FIG. 9 is an explanatory diagram showing a configuration of road data in map data.

[Explanation of symbols]

 DESCRIPTION OF SYMBOLS 1 CD-ROM 3 Orientation sensor 4 Distance sensor 5 Vehicle position calculation CPU 6 CRT display device 10 Navigation controller 12 Current position correction unit 13 Existing link detection unit 15 Map image drawing control unit 17 Guidance route search unit 18 Guidance route memory 20 Extraction Unit 21 traveling direction calculation unit 24 intersection guidance control unit 26 second V-RAM 29 voice synthesis unit 30 amplifier 31 speaker

Continuation of front page (56) References JP-A-62-32600 (JP, A) JP-A-4-259814 (JP, A) JP-A-62-138719 (JP, A) JP-A-62-95699 (JP) JP-A-63-196813 (JP, A) JP-A-62-74199 (JP, A) JP-A-62-102112 (JP, A) JP-A-2-107018 (JP, U) (58) Field surveyed (Int.

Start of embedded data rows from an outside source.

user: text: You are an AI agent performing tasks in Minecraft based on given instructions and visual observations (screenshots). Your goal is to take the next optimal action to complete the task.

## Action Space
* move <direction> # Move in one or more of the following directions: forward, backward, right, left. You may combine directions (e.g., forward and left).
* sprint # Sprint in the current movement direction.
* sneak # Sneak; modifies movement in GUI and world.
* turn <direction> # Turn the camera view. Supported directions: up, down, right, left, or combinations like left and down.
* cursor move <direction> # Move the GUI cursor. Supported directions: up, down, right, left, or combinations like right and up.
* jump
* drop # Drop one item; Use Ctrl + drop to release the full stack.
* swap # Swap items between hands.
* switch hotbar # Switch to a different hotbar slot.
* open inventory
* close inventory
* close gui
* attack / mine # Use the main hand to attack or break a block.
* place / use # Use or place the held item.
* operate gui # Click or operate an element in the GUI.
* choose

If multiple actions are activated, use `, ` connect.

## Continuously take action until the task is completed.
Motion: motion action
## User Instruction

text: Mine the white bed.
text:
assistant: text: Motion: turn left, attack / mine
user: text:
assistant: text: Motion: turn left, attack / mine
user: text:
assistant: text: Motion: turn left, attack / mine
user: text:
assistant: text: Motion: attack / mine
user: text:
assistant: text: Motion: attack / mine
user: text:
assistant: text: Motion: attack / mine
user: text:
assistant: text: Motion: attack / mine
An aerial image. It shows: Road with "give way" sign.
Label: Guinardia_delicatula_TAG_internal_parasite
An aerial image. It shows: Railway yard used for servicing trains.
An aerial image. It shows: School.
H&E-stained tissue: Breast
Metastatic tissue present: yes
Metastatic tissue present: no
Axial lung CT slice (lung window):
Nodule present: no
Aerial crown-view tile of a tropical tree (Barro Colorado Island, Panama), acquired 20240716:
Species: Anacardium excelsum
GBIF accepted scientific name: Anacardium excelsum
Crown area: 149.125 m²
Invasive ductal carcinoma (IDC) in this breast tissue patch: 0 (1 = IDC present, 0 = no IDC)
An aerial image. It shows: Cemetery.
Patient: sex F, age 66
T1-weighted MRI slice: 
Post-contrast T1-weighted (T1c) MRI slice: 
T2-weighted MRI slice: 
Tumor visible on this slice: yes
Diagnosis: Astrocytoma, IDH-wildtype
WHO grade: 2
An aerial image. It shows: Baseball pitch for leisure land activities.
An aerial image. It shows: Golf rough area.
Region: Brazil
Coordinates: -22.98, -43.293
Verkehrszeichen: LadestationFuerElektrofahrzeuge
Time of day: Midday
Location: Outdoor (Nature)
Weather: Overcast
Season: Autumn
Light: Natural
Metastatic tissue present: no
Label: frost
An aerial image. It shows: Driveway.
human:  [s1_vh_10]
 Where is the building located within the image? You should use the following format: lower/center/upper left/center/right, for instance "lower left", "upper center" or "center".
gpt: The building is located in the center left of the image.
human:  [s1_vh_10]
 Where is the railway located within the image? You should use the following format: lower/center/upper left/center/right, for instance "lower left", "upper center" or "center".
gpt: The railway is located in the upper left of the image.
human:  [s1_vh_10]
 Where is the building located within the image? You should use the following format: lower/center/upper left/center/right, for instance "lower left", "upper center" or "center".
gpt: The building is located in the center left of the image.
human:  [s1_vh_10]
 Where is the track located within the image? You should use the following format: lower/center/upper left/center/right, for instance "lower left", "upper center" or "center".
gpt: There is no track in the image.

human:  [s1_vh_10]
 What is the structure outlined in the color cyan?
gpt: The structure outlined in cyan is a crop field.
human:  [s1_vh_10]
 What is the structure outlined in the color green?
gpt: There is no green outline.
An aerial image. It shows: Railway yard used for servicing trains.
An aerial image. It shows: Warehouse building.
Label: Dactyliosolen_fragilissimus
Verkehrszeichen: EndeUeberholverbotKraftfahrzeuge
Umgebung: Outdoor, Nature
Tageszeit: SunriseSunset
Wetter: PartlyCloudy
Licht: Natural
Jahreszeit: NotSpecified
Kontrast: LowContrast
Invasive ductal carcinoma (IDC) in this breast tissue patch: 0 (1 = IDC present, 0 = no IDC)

Cl. ⁶ , DB name) G01C 21/00 G08G 1/0969 G09B 29/10

Claims (1)

(57) [Claims] 1. A map data storage means for storing map data, and guidance for obtaining a node sequence constituting an optimal guidance route from a departure place to a destination with reference to the map data stored in the map data storage means. Route search means, guidance route storage means for storing a node sequence constituting the guidance route determined by the guidance route search means, and vehicle position detection means for detecting the current position of the vehicle, which are stored in the map data storage means. Route guidance of an in-vehicle navigator that displays a map image around the vehicle position together with the vehicle position mark on the display means using the map data obtained and provides a predetermined route guidance using the node sequence stored in the guidance route storage means. The method, comprising: a node sequence of a guidance route storage means based on vehicle position information;
Alternatively, by referring to the node sequence of the guidance route storage means and the map data of the map data storage means, the direction to travel at the intersection closest to the vehicle position when viewed in the vehicle traveling direction on the guidance route is determined. Based on the obtained driving direction, after providing a predetermined intersection driving direction guidance, based on the vehicle position information, detect the node that the vehicle last passed, and match the detected node with the intersection in the intersection driving direction guidance Or the current intersection traveling direction guidance is terminated when a node that is earlier on the guidance route than the relevant intersection in the node row of the guidance route storage means is provided. How to guide.